Acessibilidade / Reportar erro

Desigualdades e diversidade na educação

APRESENTAÇÃO

Temos o direito a ser iguais sempre que a diferença nos inferioriza; temos o direito a ser diferentes sempre que a igualdade nos descaracteriza. (Boaventura de Souza Santos, 2006, p. 316)

Desigualdades e diversidade na educação

Nos últimos anos, a relação entre desigualdades e diversidade tem ocupado um lugar de maior destaque no debate contemporâneo. No que se refere à diversidade, Abramowicz, Rodrigues e Cruz (2011) refletem que a sua discussão, com enfoque na heterogeneidade de culturas que marca a sociedade atual, é realizada em oposição ao modelo de Estado-nação moderno, liberal e ocidental e se faz presente em grande parte dos países do mundo.

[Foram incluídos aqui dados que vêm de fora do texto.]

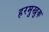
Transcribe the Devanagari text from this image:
हरमुखुक
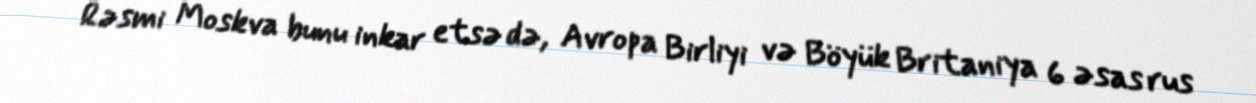
Rəsmi Moskva bunu inkar etsə də, Avropa Birliyi və Böyük Britaniya 6 əsas rus
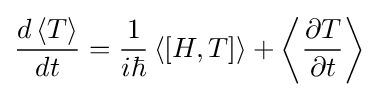
{\frac {d\left\langle T\right\rangle }{dt}}={\frac {1}{i\hbar }}\left\langle [H,T]\right\rangle +\left\langle {\frac {\partial T}{\partial t}}\right\rangle
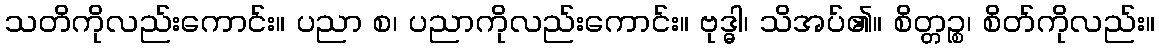
သတိကိုလည်းကောင်း။ ပညာ စ၊ ပညာကိုလည်းကောင်း။ ဗုဒ္ဓါ၊ သိအပ်၏။ စိတ္တဉ္စ၊ စိတ်ကိုလည်း။

As autoras alertam para o fato de que o debate sobre a diversidade se diferencia nacional e internacionalmente de acordo com o seu período de emergência, as causas principais que geram ou impõem a discussão sobre determinados grupos, identidades culturais, espaciais e territoriais, discriminação, entre outros. Imigração, gênero, sexualidade, raça, etnia, religião, língua, espaços/territórios são os principais fatores e temáticas que desencadearam um processo de mobilização e discussão sobre a diversidade, sendo que em vários contextos eles estão interrelacionados ou interseccionados.

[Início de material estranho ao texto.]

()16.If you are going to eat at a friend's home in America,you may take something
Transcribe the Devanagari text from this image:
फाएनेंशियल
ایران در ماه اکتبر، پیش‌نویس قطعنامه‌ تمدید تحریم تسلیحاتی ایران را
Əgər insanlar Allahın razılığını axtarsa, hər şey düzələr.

A diversidade, entendida como construção histórica, social, cultural e política das diferenças, realiza-se em meio às relações de poder e ao crescimento das desigualdades e da crise econômica que se acentuam no contexto nacional e internacional. Não se pode negar, nesse debate, os efeitos da desigualdade socioeconômica sobre toda a sociedade e, em especial, sobre os coletivos sociais considerados diversos. Portanto, a análise sobre a trama desigualdades e diversidade deverá ser realizada levando em consideração a sua interrelação com alguns fatores, tais como: os desafios da articulação entre políticas de igualdade e políticas de identidade ou de reconhecimento da diferença no contexto nacional e internacional, a necessária reinvenção do Estado rumo à emancipação social, o acirramento da pobreza e a desigual distribuição de renda da população, os atuais avanços e desafios dos setores populares e dos movimentos sociais em relação ao acesso à educação, à moradia, ao trabalho, à saúde e aos bens culturais, bem como os impactos da relação entre igualdade, desigualdades e diversidade nas políticas públicas.

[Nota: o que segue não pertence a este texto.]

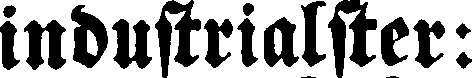
industrialster:

No Brasil, diferentes alternativas e proposições econômicas, políticas e teóricas têm sido desencadeadas na tentativa de apontar caminhos para essa situação. Desde o processo de reabertura política a partir dos anos de 1980 aos dias atuais, vem se configurando um novo foco de interpretações a respeito de como equacionar a oferta da educação pública no contexto das desigualdades socioeconômicas e da diversidade. A postura central dos movimentos sociais, dos profissionais da educação e daqueles comprometidos com uma sociedade democrática e com a educação pública, gratuita e laica tem sido reafirmar o princípio constitucional contido no artigo 205 da Constituição Federal de 1988, ou seja, "a educação, direito de todos e dever do Estado e da família, será promovida e incentivada com a colaboração da sociedade, visando ao pleno desenvolvimento da pessoa, seu preparo para o exercício da cidadania e sua qualificação para o trabalho".

Portanto, não se educa "para alguma coisa", educa-se porque a educação é um direito e, como tal, deve ser garantido de forma igualitária, equânime e justa. O objetivo da educação e das suas políticas não é formar gerações para o mercado, para o vestibular ou, tampouco, atingir os índices internacionais de alfabetização e matematização. O foco central são os sujeitos sociais, entendidos como cidadãos e sujeitos de direitos. Essa interpretação tem sido adensada do ponto de vista político e epistemológico pelos movimentos sociais ao enfatizarem que os sujeitos de direitos são também diversos em raça, etnia, credo, gênero, orientação sexual e idade, entre outros. Enfatizam, também, que essa diversidade tem sido tratada de forma desigual e discriminatória ao longo dos séculos e ainda não foi devidamente equacionada pelas políticas de Estado, pelas escolas e seus currículos.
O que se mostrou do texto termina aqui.